Хроника одного полка. 1916 год. В окопах - стр. 43
Через двадцать минут авто ротмистра выкатило на восточное шоссе в сторону Сигулды, и Быховский поднял воротник и укрыл ноги пледом. Он бы завернулся в этот плед с головой, таким пронизывающим был ветер с северо-запада, от Рижского залива, но по шоссе шли маршевые роты и их командиры, подпоручики и прапорщики, завидев ротмистра, подавали очень глупые на марше команды. Ротмистр устал на них махать рукой, мол, идите себе, идите, всё одно шагать парадом не обучены. В какой-то момент он вспомнил купринский «Поединок» и то, как подпоручик Ромашов от усердия повёл свою роту криво и что из этого получилось, и улыбнулся, и удивился, потому что улыбаться у него не было никаких причин: всё развивалось как нельзя хуже – 12-я армия, которую он обслуживал, и весь Северный фронт наглухо и, судя по всему, надолго закопался в курляндский песок, и началось…
Ротмистр натянул плед на левое плечо до самого уха, а сам, чтобы не видеть никого из встречных военных, отвернулся направо.
И что самое обидное – скверна началась и доныне проистекает от прибывающих с пополнением скороспелых обер-офицеров, особенно выпускников университетов и технических училищ, вон они на дороге ведут свои маршевые роты; а ещё от унтеров из городских мастеровых. Как с этим справиться, ротмистр не знал. Средство было только одно – вербовать осведомителей именно среди офицеров, но это как раз было негласно запрещено, а надо, как выражался ротмистр в своём кругу, «надо не бить мух, каждую в отдельности, а захлопнуть перед ними дверь ещё в тылу, чтобы эта агитационная зараза не проникала на фронт, на передовую».
Он попытался прикурить, но ветер задул его последние спички, он в сердцах выбросил бесполезный коробок и попросил шофёра ехать помедленнее и вспомнил, что в портфеле болтается солдатская зажигалка, сфабрикованная в окопе из немецкой от пулемёта стреляной гильзы. «Так уж весь керосин-то небось и выветрился!» – подумал он, но всё же открыл портфель, порылся и обнаружил на дне.
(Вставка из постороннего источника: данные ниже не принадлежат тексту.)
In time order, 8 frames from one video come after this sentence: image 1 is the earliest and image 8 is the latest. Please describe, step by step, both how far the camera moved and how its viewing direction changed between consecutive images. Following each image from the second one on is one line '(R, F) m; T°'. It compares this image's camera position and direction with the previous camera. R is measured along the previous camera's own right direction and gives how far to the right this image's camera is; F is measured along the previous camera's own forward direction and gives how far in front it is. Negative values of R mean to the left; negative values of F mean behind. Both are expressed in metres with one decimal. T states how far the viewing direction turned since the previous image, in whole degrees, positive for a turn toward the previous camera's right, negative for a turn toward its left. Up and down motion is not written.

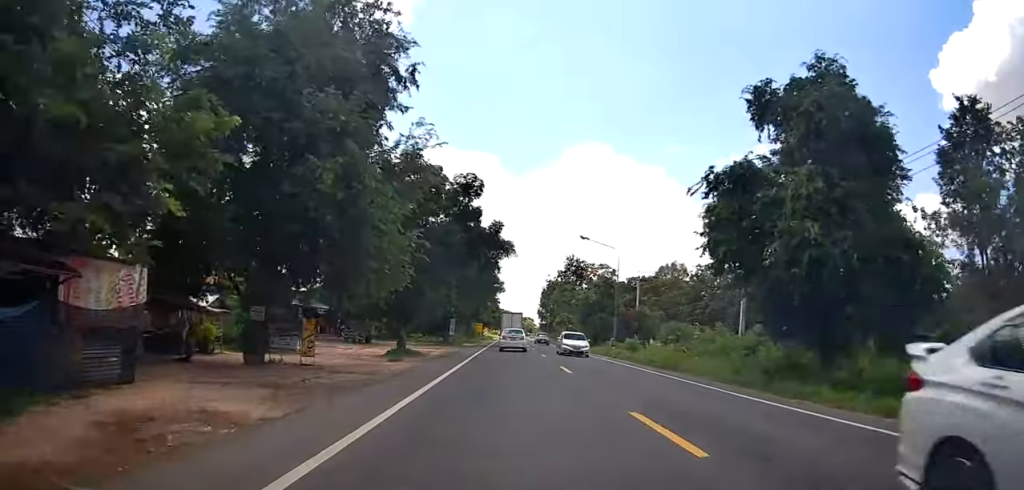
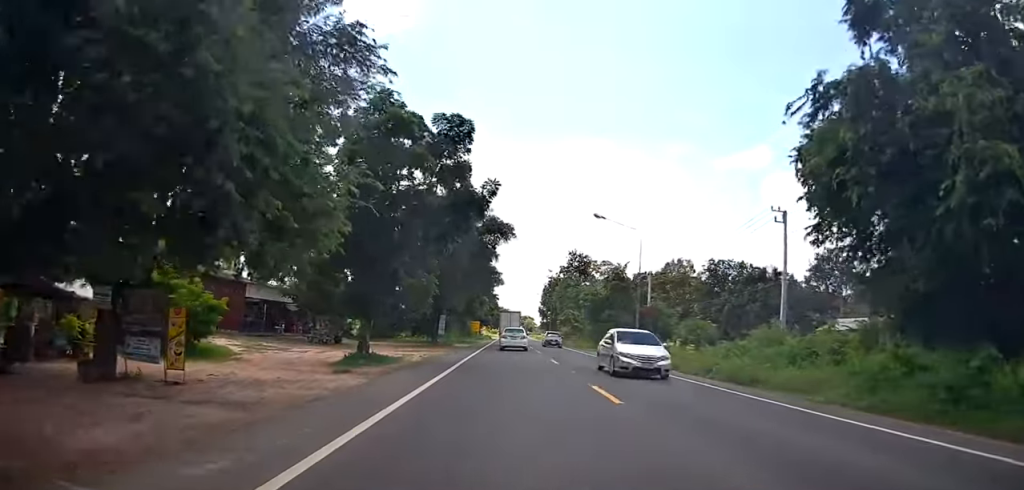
(+0.2, +7.7) m; -2°
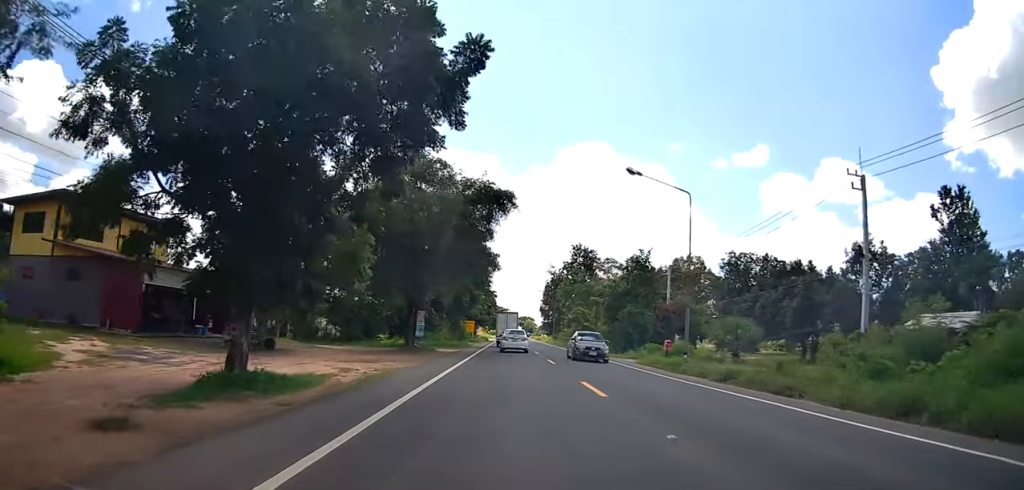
(-0.6, +10.8) m; 0°
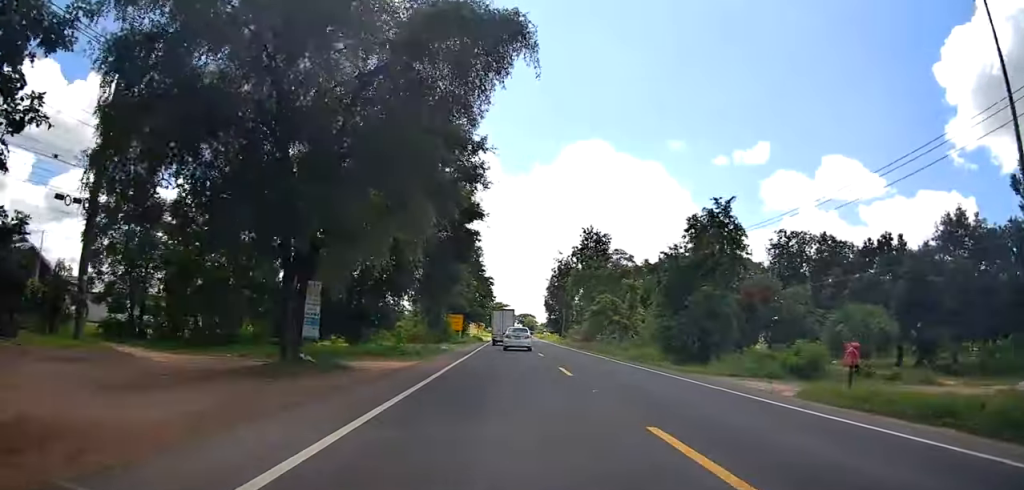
(+0.5, +19.1) m; +3°
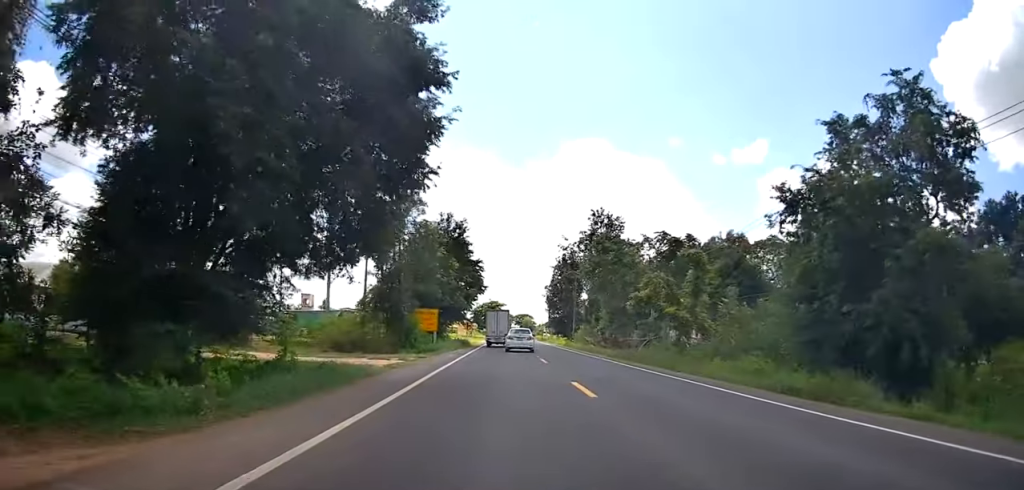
(+0.1, +17.4) m; +1°
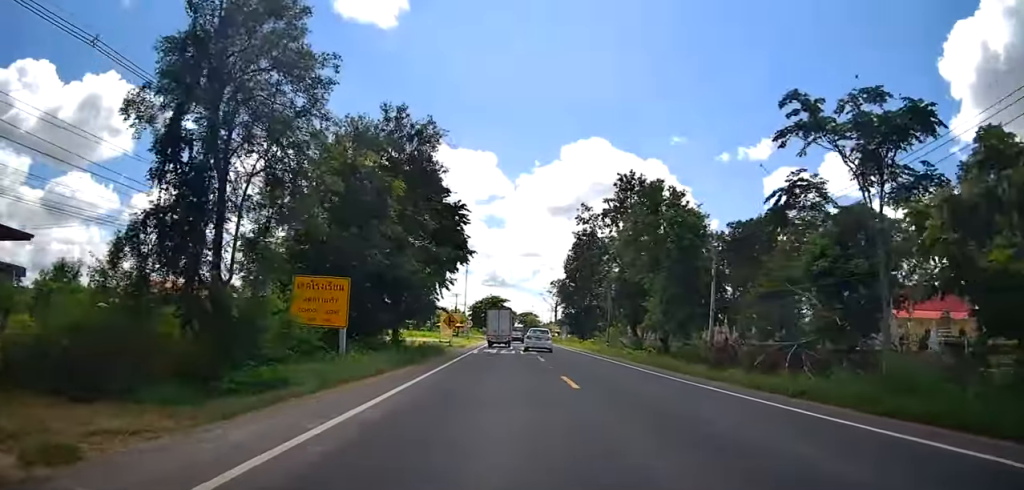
(+0.1, +22.3) m; 0°
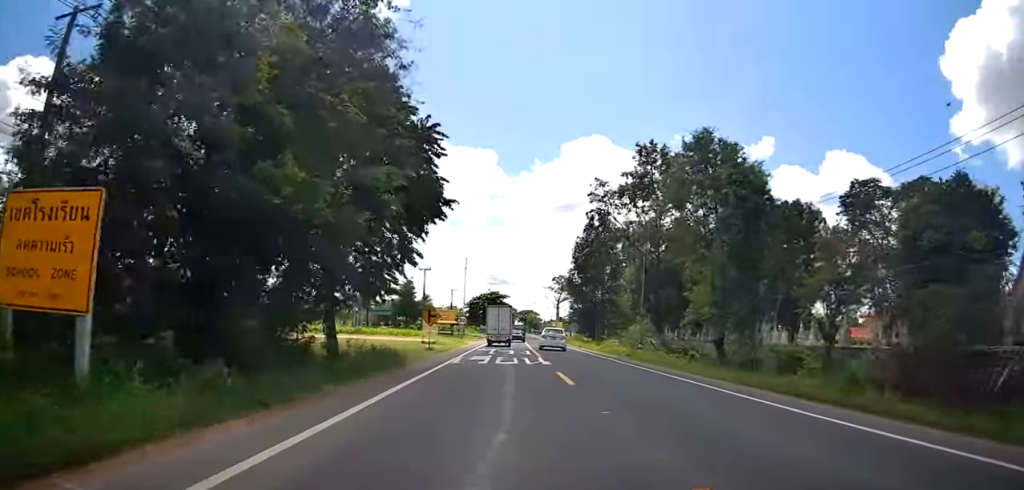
(0.0, +11.2) m; 0°
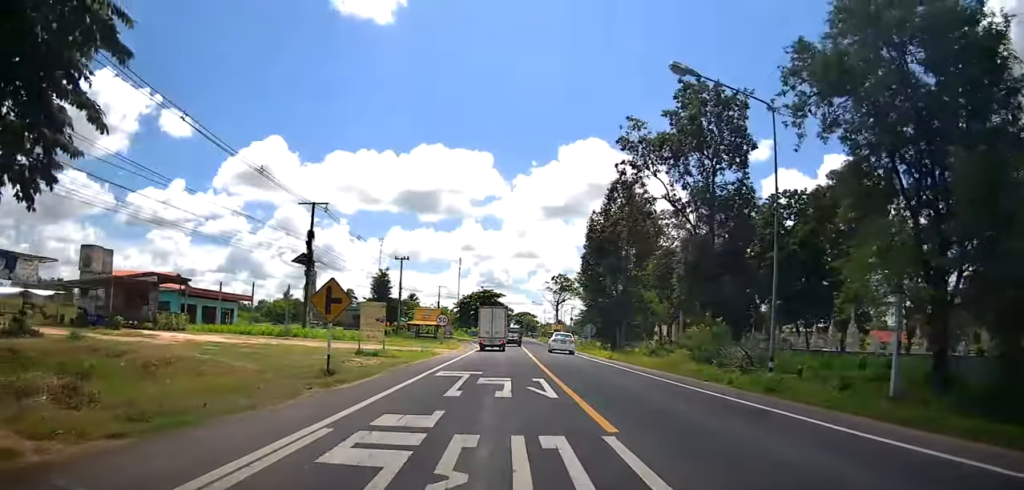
(0.0, +17.9) m; 0°

Эту зажигалку для него конфисковали, а потом он понял, что это была просто солдатская окопная затея, и он кого-то лишил надёжного огонька. Но что сделано, то сделано.
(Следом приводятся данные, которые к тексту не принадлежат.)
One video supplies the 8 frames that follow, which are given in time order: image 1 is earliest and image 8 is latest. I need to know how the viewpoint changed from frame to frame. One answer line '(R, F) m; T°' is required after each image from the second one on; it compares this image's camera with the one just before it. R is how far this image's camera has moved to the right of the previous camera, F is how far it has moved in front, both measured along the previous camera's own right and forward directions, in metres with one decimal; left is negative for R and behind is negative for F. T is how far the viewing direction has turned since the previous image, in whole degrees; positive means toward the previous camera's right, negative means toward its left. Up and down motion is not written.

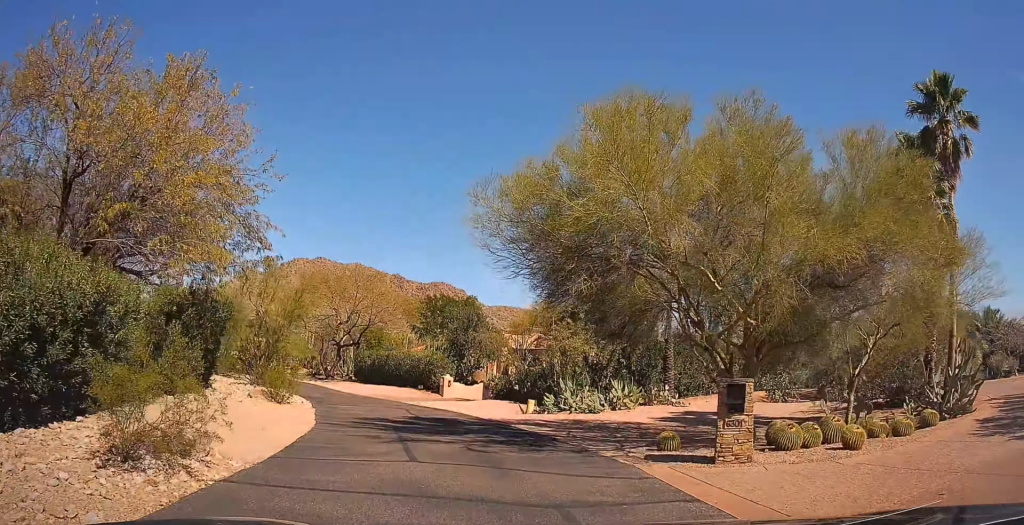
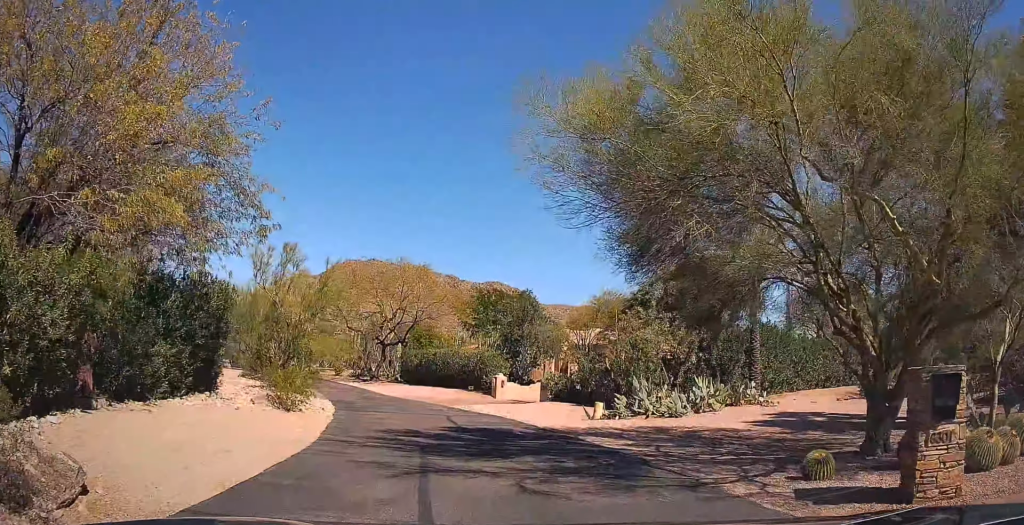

Из запрессованной гильзы выглядывала суровая крученая нитка фитилька. А рядом торчал укреплённый кусочек кремня, надо было этим кремнем обо что-нибудь чиркнуть, и фитилёк, если он пропитан керосином, загорится. Ротмистр пожалел о выкинутом коробке, стал оглядываться и увидел, что чиркнуть на заднем сиденье авто не обо что, только кожа, деревянная дверь и бронзовая ручка, неудобная, об неё не чиркнешь. Вдруг он увидел, что шофер не оглядываясь протягивает ему что-то, ротмистр взял, это было кремнёвое кресало, и тут ротмистр улыбнулся во второй раз, он вспомнил сказку Андерсона и кресало того хитрющего и умнющего солдата. Ротмистр чиркнул, фитилёк дал гари, керосиновой вони и огонёк. Быховский закурил. Наконец-то! Штука оказалась надежная – солдатская смекалка и умение из негодных вещей сделать что-то, что облегчает жизнь. Прелести турецкого табаку он не почувствовал, потому что переменившийся на восточный встречный ветер, сильный и сухой, ударил в нос, вышиб из глаз слёзы, и ротмистр позавидовал шофёру, сидевшему за рулём в специальных очках. И подумал, а что это он сегодня только и делает, что кому-то завидует: солдату, умеющему из ерунды сделать что-то нужное; шофёру, который не мучается, потому что ему кто-то выдал эти дурацкие на вид, как у стрекозы, очки; и вспомнил, куда и по какому поводу он едет.